One of them, although marginal, is also mentioned by this source: both murdered taxi drivers

worked for the same company

, one of the best known.

The owner of that company would be the owner of the property where Emanuel “Pimpi” Sandoval died in 2019, in the La Florida neighborhood.

Some taxi drivers go further with this hypothesis and

involve a city judge and another criminal gang

, although they are more afraid to say it openly than certainties to accuse.

But that line is also being weighed by the authorities.

Hours before receiving

Clarín

at the Government, this source participated in a meeting with municipal, provincial and national officials, including Governor Pullaro.

It was decided to create a crisis committee due to the situation.

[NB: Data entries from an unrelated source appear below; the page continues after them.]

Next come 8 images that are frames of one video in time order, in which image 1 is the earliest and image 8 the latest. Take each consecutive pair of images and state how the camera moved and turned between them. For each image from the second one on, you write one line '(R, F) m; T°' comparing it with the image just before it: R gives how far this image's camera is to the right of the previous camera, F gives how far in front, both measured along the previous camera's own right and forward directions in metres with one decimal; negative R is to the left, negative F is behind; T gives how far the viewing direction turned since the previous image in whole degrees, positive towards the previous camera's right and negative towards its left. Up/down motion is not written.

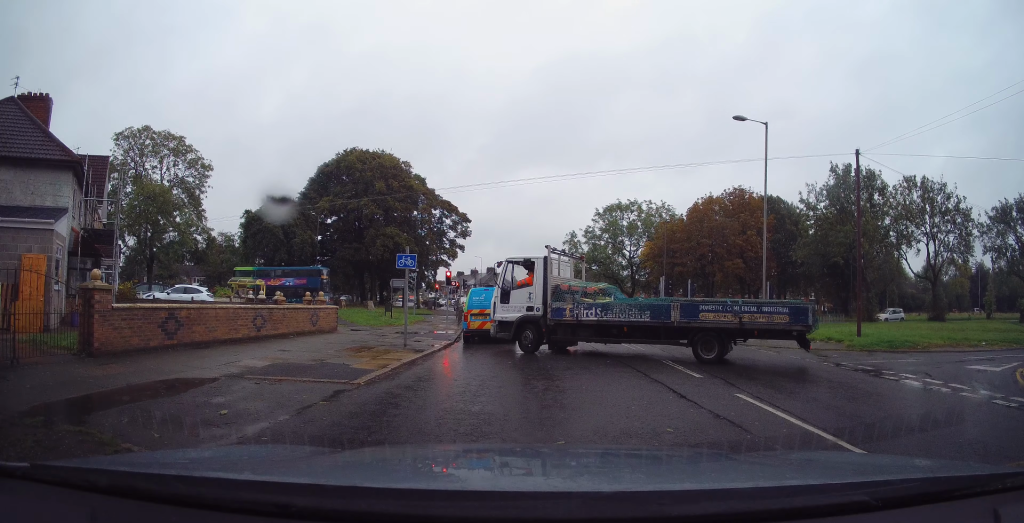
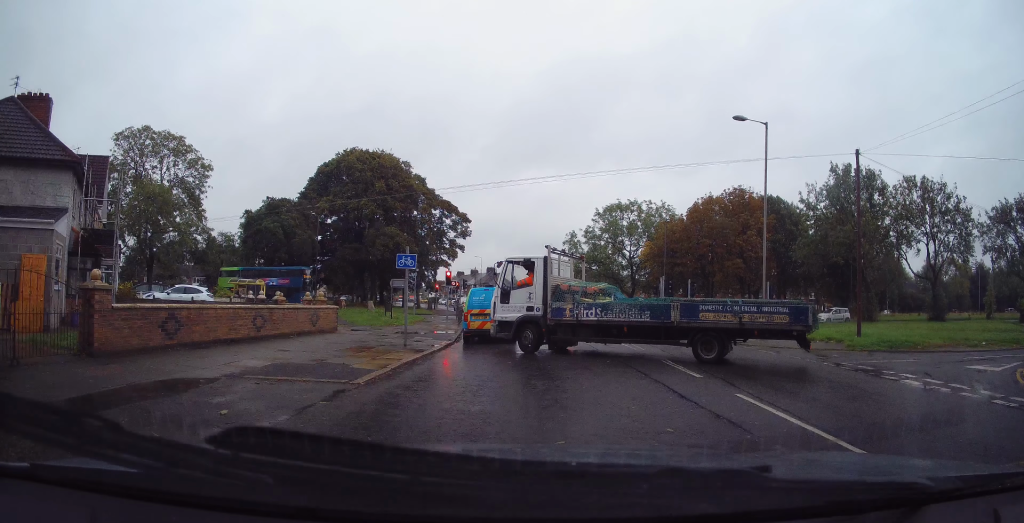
(0.0, 0.0) m; 0°
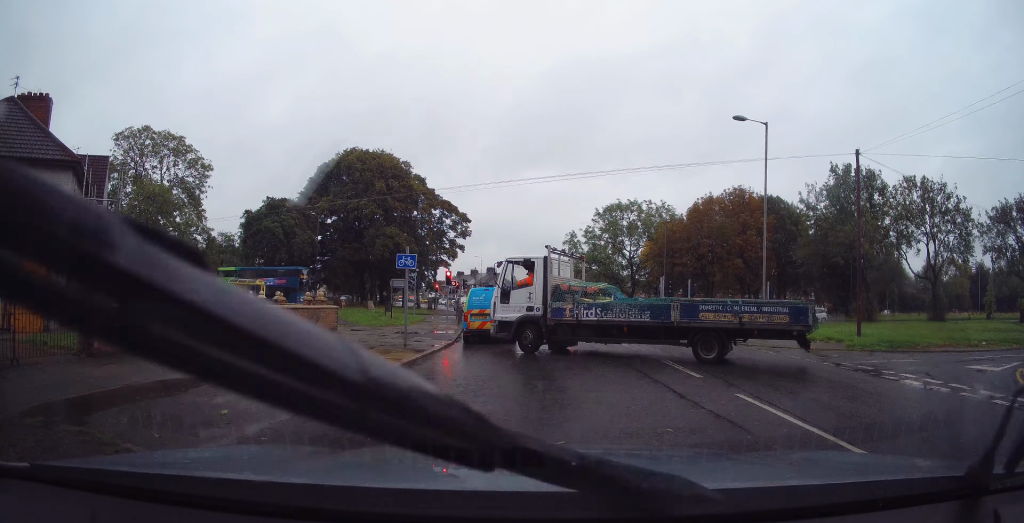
(0.0, 0.0) m; 0°
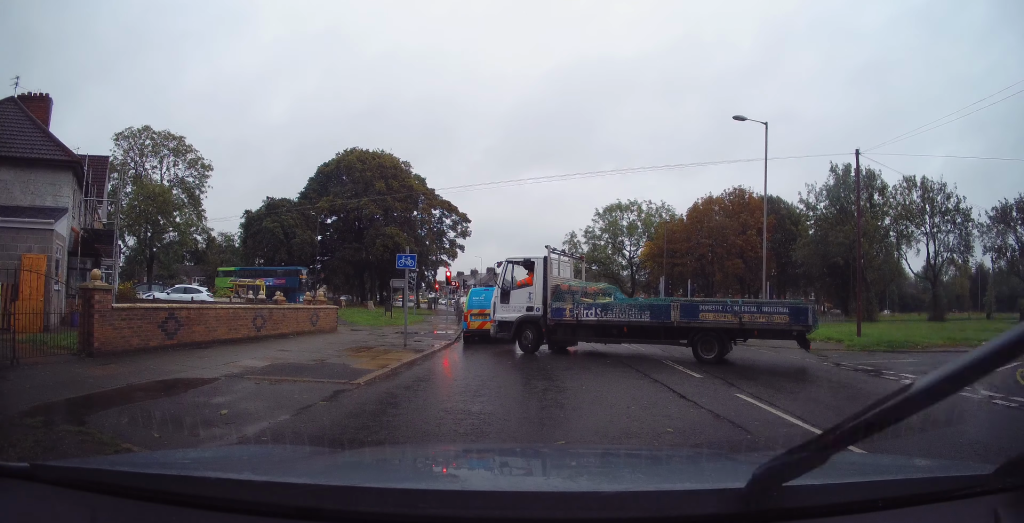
(0.0, 0.0) m; 0°
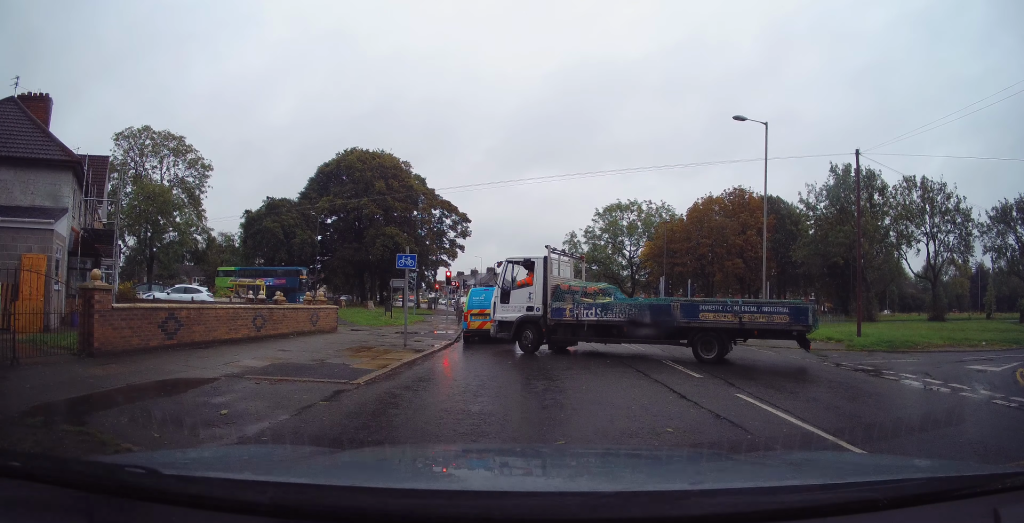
(0.0, 0.0) m; 0°
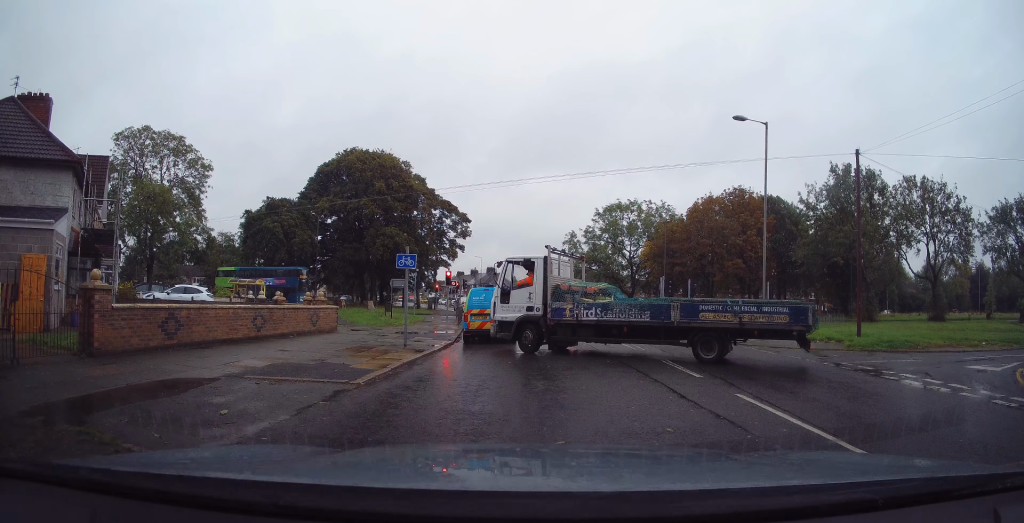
(0.0, 0.0) m; 0°
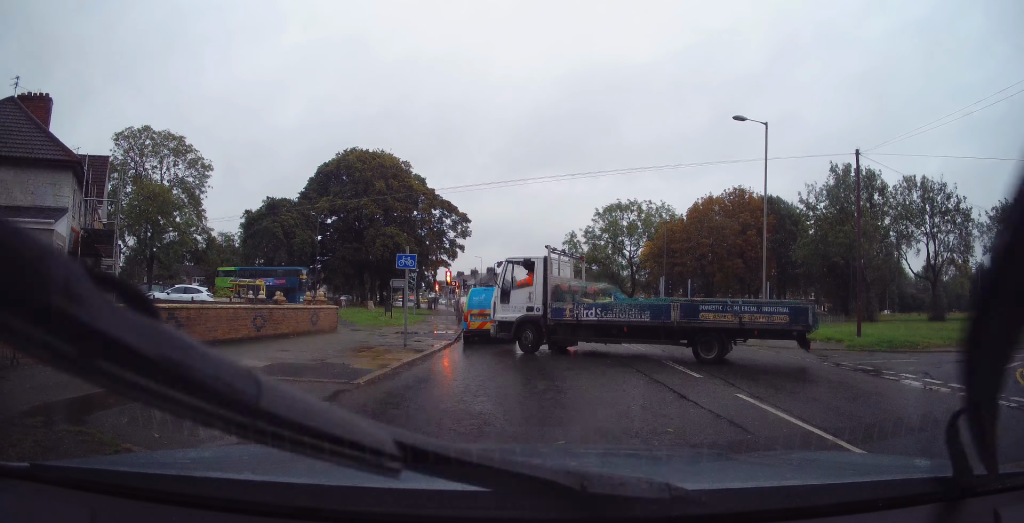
(0.0, 0.0) m; 0°
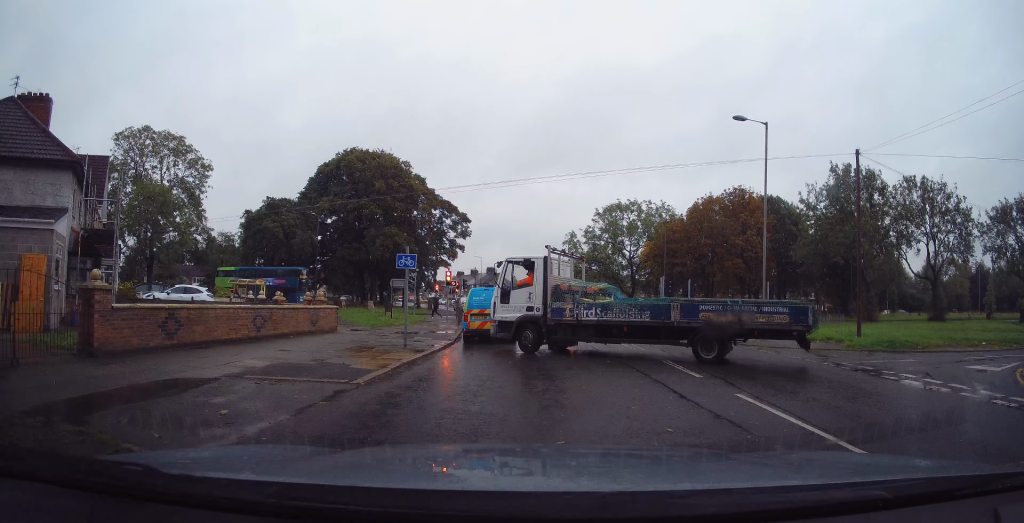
(0.0, 0.0) m; 0°

The exception in Rosario became the rule: there is already a Special Unit for Extortion, Threats and Shootings of the Criminal Investigation Agency (AIC), in which police and prosecutors work only on intimidation crimes.

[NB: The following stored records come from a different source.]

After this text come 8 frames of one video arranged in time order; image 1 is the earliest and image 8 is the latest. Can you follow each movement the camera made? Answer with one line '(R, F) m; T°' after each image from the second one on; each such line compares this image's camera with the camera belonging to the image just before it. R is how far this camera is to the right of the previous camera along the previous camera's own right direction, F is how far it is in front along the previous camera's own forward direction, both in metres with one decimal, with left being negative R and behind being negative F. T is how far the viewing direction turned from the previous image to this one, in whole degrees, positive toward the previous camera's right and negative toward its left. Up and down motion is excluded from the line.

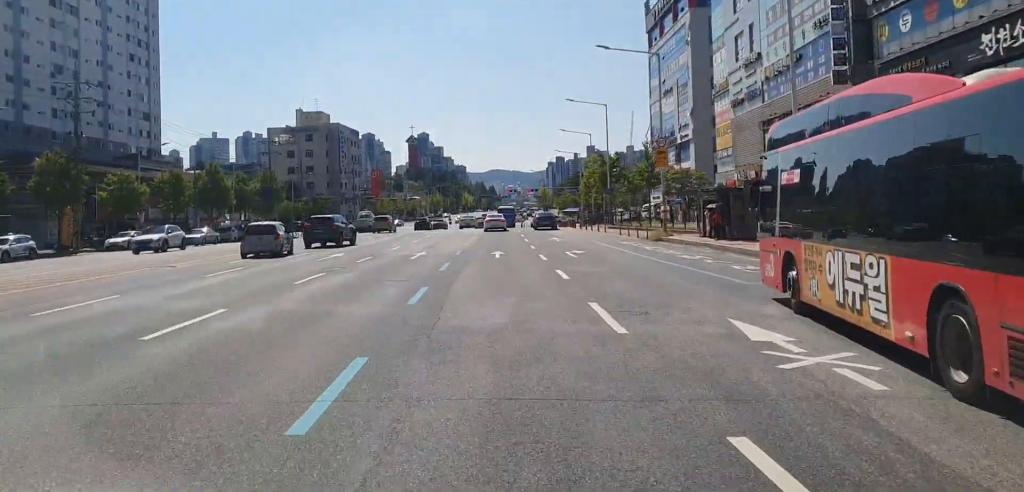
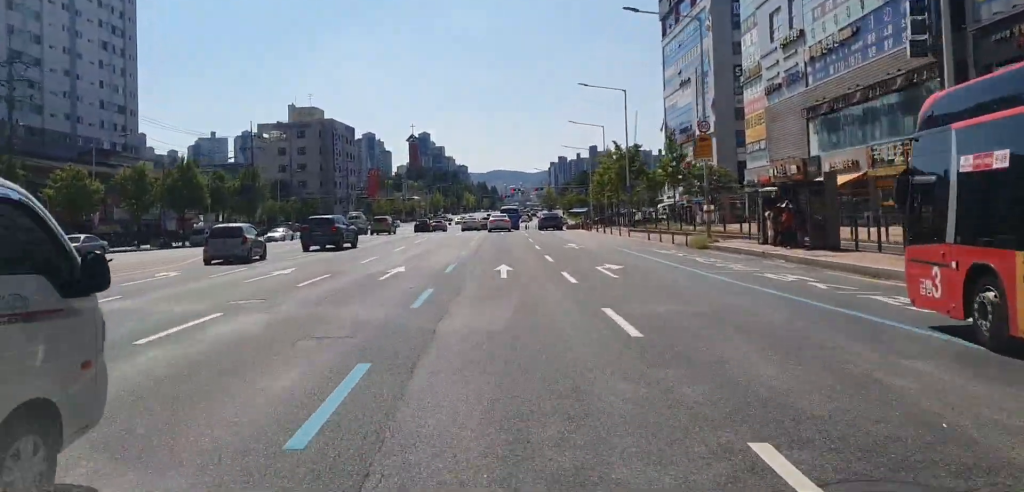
(-0.1, +8.6) m; 0°
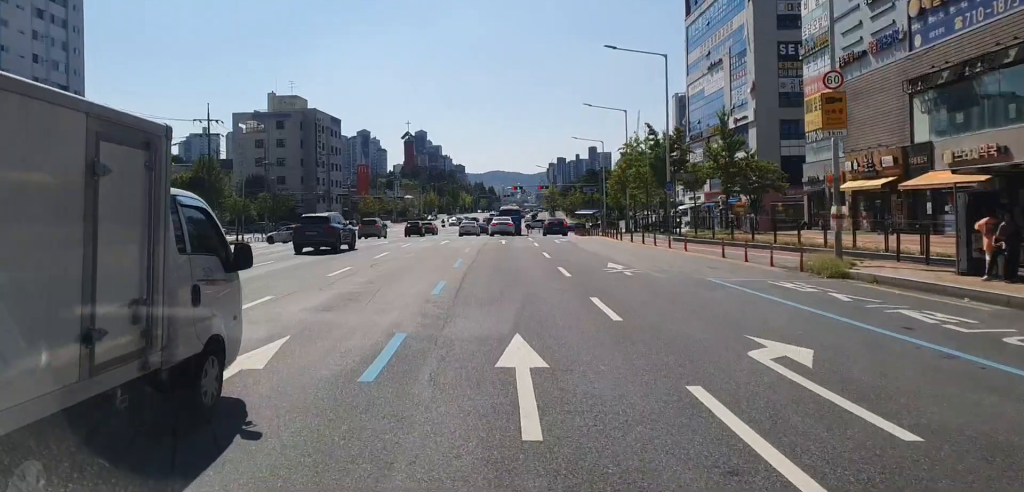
(+0.1, +14.4) m; -2°
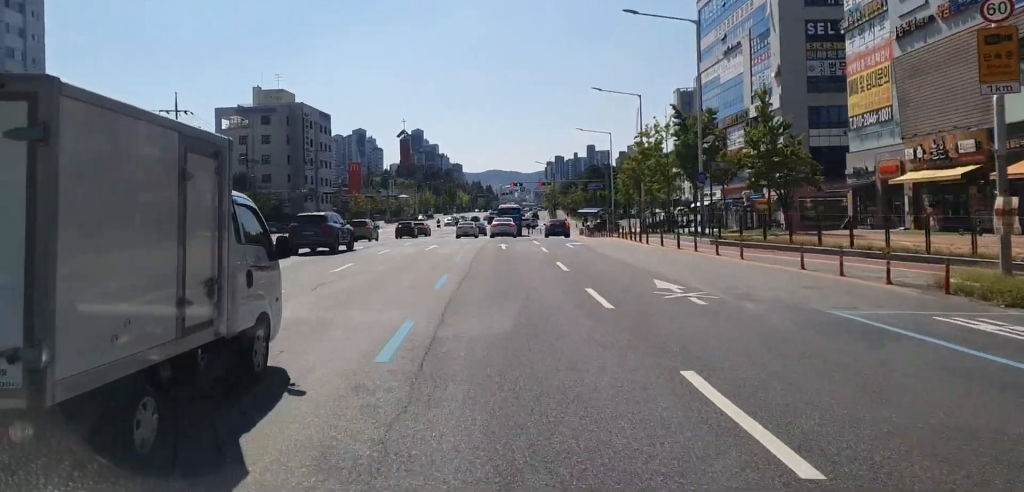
(-0.2, +8.0) m; -1°
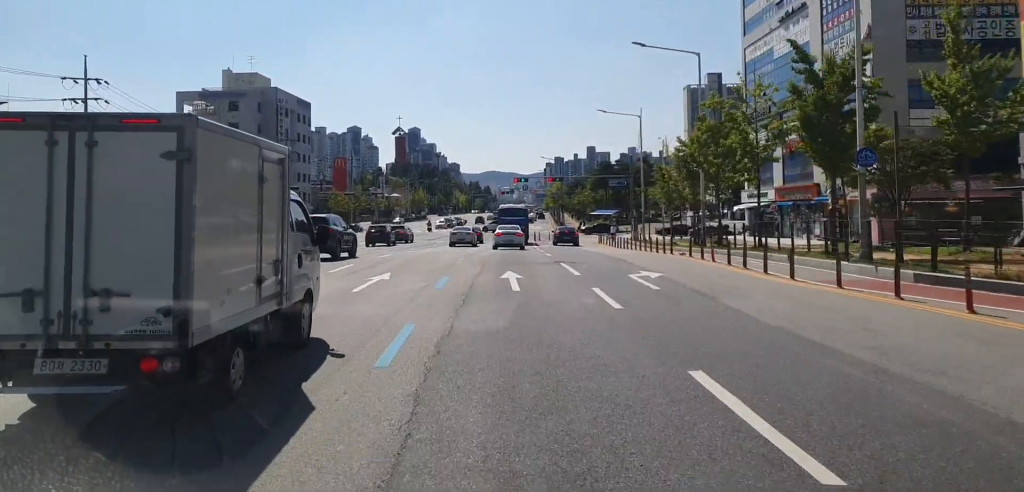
(0.0, +17.8) m; +2°
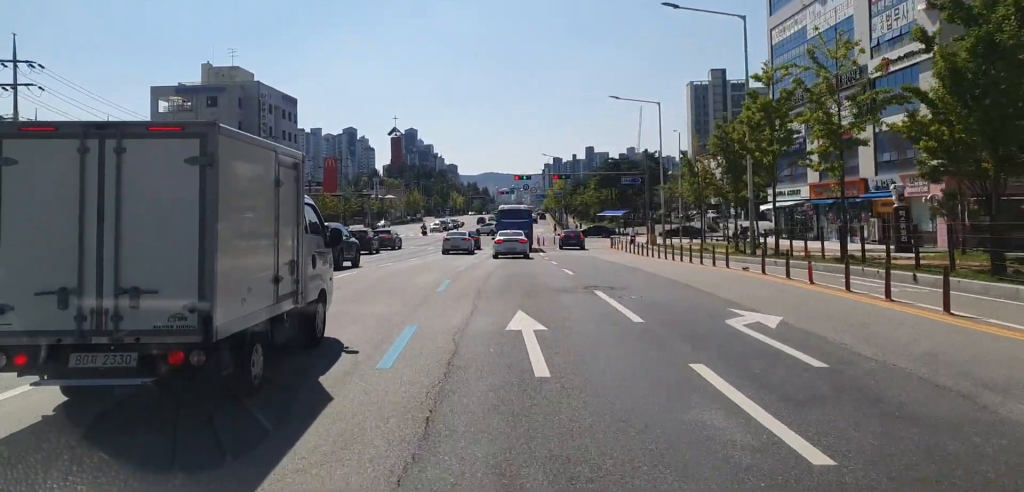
(+0.2, +8.6) m; -1°
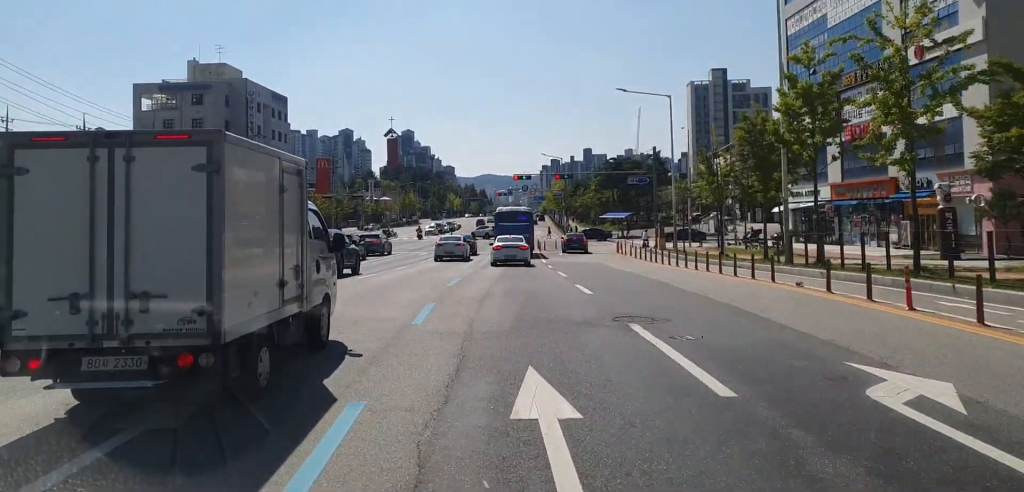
(-0.2, +4.7) m; -1°
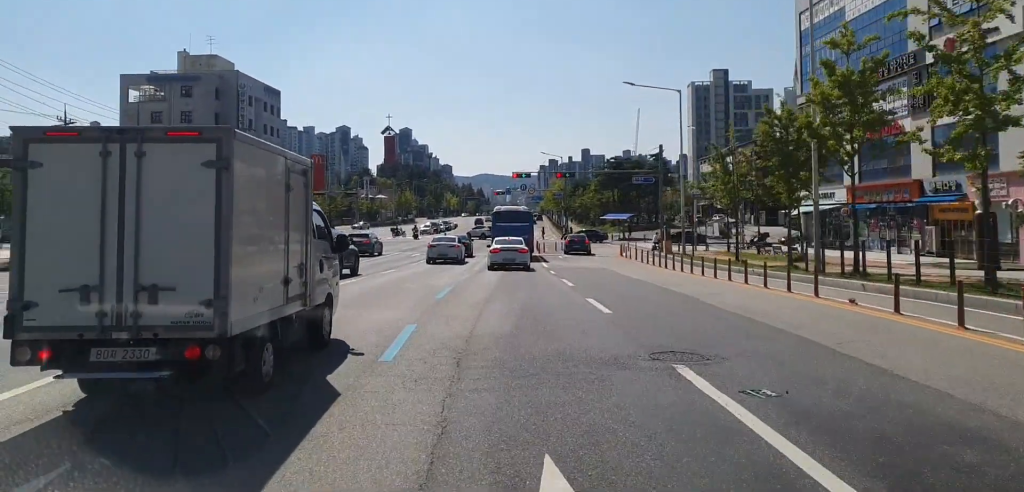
(-0.1, +3.4) m; -1°

Kiss the card and cross your fingers

At a traffic light on Boulevard Seguí heading west, Julián kisses a small image of San Expedito.

He has that custom, generally after dropping off a passenger at his destination, but he says that other colleagues kiss thousands of little cards, cross more than two fingers, pray to more than one saint.

On the journey with

Clarín

, which at 10 o'clock covers more than 17 kilometers, he recognizes that sometimes he is guilty of being handsome, of not being afraid of something happening to him.

He lives in a dark neighborhood, in the España and Hospitales neighborhood, one of middle-class workers.

A patrol car from one of the safe corridors.

Photo Fernando de la Orden / Special Envoy

In the Tablada neighborhood, in Ayolas and Necochea, the safe corridor patrol car has two police officers inside.

It's raining outside.

The Clarín

team

comes to ask about what the operations are like.

“In reality, more than stopping the cars, we must be attentive to whether a driver

activated the anti-panic button

in the area and then intervene.

Taxi drivers already know where we are and usually pass nearby.

Sometimes, they leave passengers not at the destination, but close to where we are, for greater security.”

Julián kissing a little card of San Expedito to ask for protection.

Photo Fernando de la Orden / Special Envoy

And passenger safety?

“We all live like this,” says the accompanying police officer: “we are two more citizens.”

Less than ten blocks away, a taxi driver from the city of San Lorenzo and his passenger were killed in February.

Julián points out, in Chacabuco and Centeno, the ochava where they were executed.

Seven blocks from that corner, on Uriburu and Alem, an operative in the safe corridor did not notice the

flash of lights

that Julián gave him, as a recreation of a request for help in a possible emergency situation.

After the third flash of lights, he said exasperatedly:

“We are helpless, brother.”

Chacabuco and Centeno, where one of the taxi drivers murdered in February was killed.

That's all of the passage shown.